ASCE members have helped make the Project BUILD program at the High Plains Library District near Denver a huge success.

Libraries aren’t likely the first venues you think of when you consider civil engineering outreach.

But maybe they should be.

Project BUILD proves that civil engineers and libraries can forge a powerful partnership.

“This is the first time that we have partnered with the library system. It wasn’t something that I had considered before,” said Justine Rose, EIT, A.M.ASCE, an engineer for AECOM in Cleveland, secretary for ASCE’s Cleveland Section, and co-lead (with Nick Heim, A.M.ASCE) of a

recent Project BUILD outreach effort in the Cuyahoga County Public Library.

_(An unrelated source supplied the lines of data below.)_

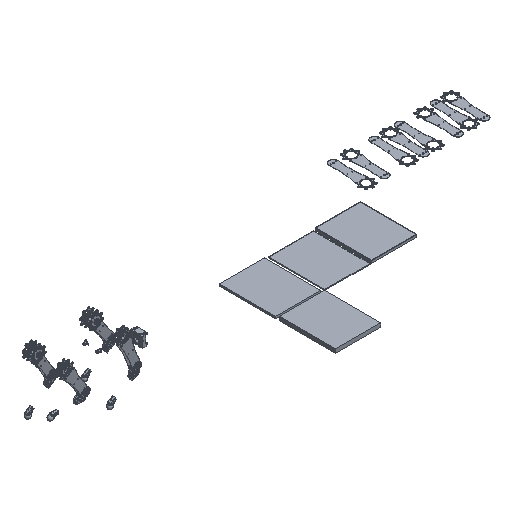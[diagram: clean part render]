
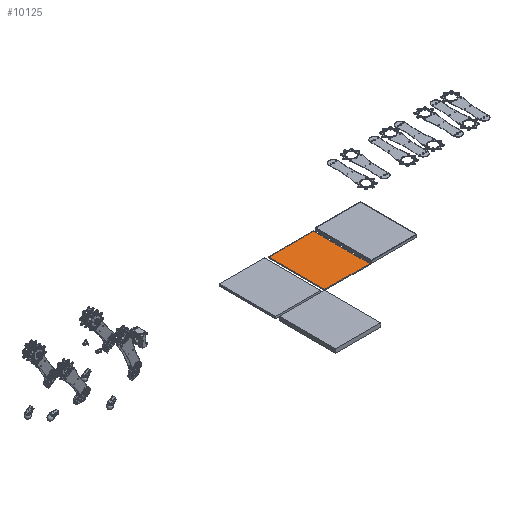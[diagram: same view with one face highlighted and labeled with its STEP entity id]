
A CAD part, isometric view. The second image highlights one B-rep face of the part: STEP entity #10125.
In plain terms, the highlighted planar face has unit normal (0, 0, 1).
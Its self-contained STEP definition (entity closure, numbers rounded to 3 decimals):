
#8635=FACE_OUTER_BOUND('',#13804,.T.);
#10125=ADVANCED_FACE('',(#8635),#10346,.T.);
#10346=PLANE('',#24706);
#11202=LINE('',#40655,#12102);
#11206=LINE('',#40663,#12106);
#11209=LINE('',#40669,#12109);
#11211=LINE('',#40672,#12111);
#12102=VECTOR('',#30076,1.);
#12106=VECTOR('',#30082,1.);
#12109=VECTOR('',#30087,1.);
#12111=VECTOR('',#30091,1.);
#13804=EDGE_LOOP('',(#18058,#18059,#18060,#18061));
#18058=ORIENTED_EDGE('',*,*,#21728,.T.);
#18059=ORIENTED_EDGE('',*,*,#21732,.T.);
#18060=ORIENTED_EDGE('',*,*,#21735,.T.);
#18061=ORIENTED_EDGE('',*,*,#21737,.T.);
#19587=VERTEX_POINT('',#40654);
#19588=VERTEX_POINT('',#40656);
#19590=VERTEX_POINT('',#40662);
#19592=VERTEX_POINT('',#40668);
#21728=EDGE_CURVE('',#19588,#19587,#11202,.T.);
#21732=EDGE_CURVE('',#19587,#19590,#11206,.T.);
#21735=EDGE_CURVE('',#19590,#19592,#11209,.T.);
#21737=EDGE_CURVE('',#19592,#19588,#11211,.T.);
#24706=AXIS2_PLACEMENT_3D('',#40674,#30094,#30095);
#30076=DIRECTION('',(0.,-1.,0.));
#30082=DIRECTION('',(1.,0.,0.));
#30087=DIRECTION('',(0.,1.,0.));
#30091=DIRECTION('',(-1.,0.,0.));
#30094=DIRECTION('',(0.,0.,1.));
#30095=DIRECTION('',(1.,0.,0.));
#40654=CARTESIAN_POINT('',(-120.,-120.,8.));
#40655=CARTESIAN_POINT('',(-120.,380.,8.));
#40656=CARTESIAN_POINT('',(-120.,380.,8.));
#40662=CARTESIAN_POINT('',(280.,-120.,8.));
#40663=CARTESIAN_POINT('',(-120.,-120.,8.));
#40668=CARTESIAN_POINT('',(280.,380.,8.));
#40669=CARTESIAN_POINT('',(280.,-120.,8.));
#40672=CARTESIAN_POINT('',(280.,380.,8.));
#40674=CARTESIAN_POINT('',(0.,0.,8.));

“But when I read the description, it was like, ‘Yeah, brilliant! That absolutely makes sense.’”

Project BUILD – “Building Using an Interactive Learning Design” – is a National Science Foundation–funded program that pairs volunteer engineers with public libraries to conduct engineering activities with students in grades 2-5.

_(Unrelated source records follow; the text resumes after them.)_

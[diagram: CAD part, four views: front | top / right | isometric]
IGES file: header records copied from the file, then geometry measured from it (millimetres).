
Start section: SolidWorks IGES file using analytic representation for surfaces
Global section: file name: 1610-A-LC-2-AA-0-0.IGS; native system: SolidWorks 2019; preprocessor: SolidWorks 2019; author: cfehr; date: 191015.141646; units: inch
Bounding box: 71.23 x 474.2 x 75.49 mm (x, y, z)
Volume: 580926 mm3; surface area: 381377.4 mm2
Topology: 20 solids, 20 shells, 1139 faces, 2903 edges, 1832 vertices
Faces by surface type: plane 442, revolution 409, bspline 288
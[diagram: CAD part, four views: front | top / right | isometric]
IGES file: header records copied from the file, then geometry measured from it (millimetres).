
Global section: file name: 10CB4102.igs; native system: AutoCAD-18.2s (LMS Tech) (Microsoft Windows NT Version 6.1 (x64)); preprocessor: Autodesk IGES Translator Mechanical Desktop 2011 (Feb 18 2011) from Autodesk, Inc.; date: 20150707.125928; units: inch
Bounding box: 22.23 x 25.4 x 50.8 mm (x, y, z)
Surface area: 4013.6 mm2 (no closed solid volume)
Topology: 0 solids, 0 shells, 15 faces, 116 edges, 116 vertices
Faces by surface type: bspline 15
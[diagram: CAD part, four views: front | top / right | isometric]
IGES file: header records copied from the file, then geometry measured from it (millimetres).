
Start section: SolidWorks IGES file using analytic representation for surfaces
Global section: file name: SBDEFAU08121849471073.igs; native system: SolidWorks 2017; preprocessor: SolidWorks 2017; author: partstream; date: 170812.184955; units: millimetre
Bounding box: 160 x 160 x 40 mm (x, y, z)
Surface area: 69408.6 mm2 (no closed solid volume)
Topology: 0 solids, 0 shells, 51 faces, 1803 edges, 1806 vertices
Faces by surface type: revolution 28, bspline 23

ASCE has organized six Project BUILD partnerships around the United States that meet one Saturday a month for four months. Rose has been blown away by the partnership with her library, praising library officials for handling all of the logistics, from providing materials to securing learning spaces to promoting the events to their regular library audience.

“It lets us focus more on the programs themselves, figuring out how best to talk to kids about engineering and putting together fun activities,” Rose said.

Those fun activities include several developed for the ASCE giant-screen film Dream Big: Engineering Our World, each emphasizing the engineering design process.

Students engineer “squishy circuits” during a Project BUILD activity in Florida.
“I think a lot of times kids are afraid of failing,” Rose said. “We want to tell them, ‘Hey, that’s OK if it doesn’t work the first time.’ We talk about their design and then let them try again and see if they can improve it.”


Project BUILD has also allowed ASCE to gather data evaluating its effectiveness. The numbers are encouraging, with 85 percent of ASCE-member Project BUILD volunteers saying they were confident in their ability to co-facilitate an engineering outreach programming
after experiencing the four-month program, as compared with just 31 percent of respondents before the series.

Cleveland’s Project BUILD wrapped a successful 2018 campaign last December, with plans for another four-month series this fall.

“I think kids are getting a lot of science programming, but they don’t necessarily hear a lot about what engineers do and the wide variety of things you can do as a civil engineer,” Rose said. “There are so many different kinds of projects you can work on and things you can be interested in as a civil engineer. I think that’s something that’s very important to impart.

“It’s been great. At the end of the day, the kids designed something, they had fun, and they’ll remember that they did engineering.”